Abstract
In the field of artificial intelligence, a combination of scale in data and model capacity enabled by un-supervised learning has led to major advances in representation learning and statistical generation. In the life sciences, the anticipated growth of sequencing promises unprecedented data on natural sequence diversity. Protein language modeling at the scale of evolution is a logical step toward predictive and generative artificial intelligence for biology. To this end we use unsupervised learning to train a deep contextual language model on 86 billion amino acids across 250 million protein sequences spanning evolutionary diversity. The resulting model contains information about biological properties in its representations. The representations are learned from sequence data alone. The learned representation space has a multi-scale organization reflecting structure from the level of biochemical properties of amino acids to remote homology of proteins. Information about secondary and tertiary structure is encoded in the representations and can be identified by linear projections. Representation learning produces features that generalize across a range of applications, enabling state-of-the-art supervised prediction of mutational effect and secondary structure, and improving state-of-the-art features for long-range contact prediction.
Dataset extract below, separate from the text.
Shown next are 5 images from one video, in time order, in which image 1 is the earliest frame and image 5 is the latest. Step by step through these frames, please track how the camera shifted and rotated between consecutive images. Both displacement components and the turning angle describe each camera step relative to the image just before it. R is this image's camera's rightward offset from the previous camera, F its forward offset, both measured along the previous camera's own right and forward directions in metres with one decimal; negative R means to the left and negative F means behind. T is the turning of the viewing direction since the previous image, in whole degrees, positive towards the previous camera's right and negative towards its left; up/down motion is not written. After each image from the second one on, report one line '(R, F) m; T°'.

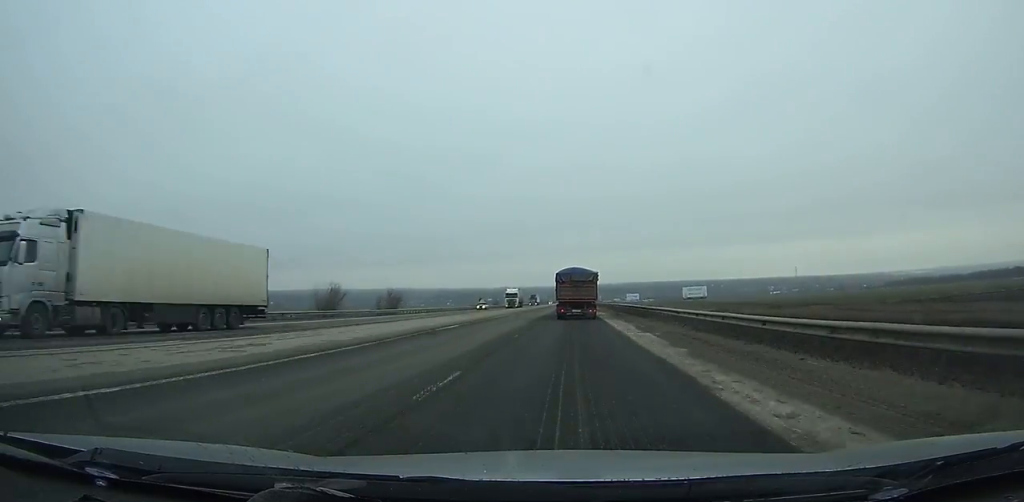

Competing Interest Statement
The authors have declared no competing interest.
Footnotes
↵† Work performed while at Facebook AI Research
v4 (Dec 2020): Paper revised to include (a) ESM1-b model and hyperparameter optimization; (b) evaluation on structural split datasets at family, superfamily, and fold levels. v3 (Aug 2020): Paper thoroughly revised, with improved results and updated methodology. Main changes: (a) improved pre-training setup and experimental results studying sequence diversity; (b) additional benchmarks on remote homology detection, secondary structure prediction, contact prediction, and mutational effects; (c) combination of pretraining features and classical features for secondary structure and contact prediction.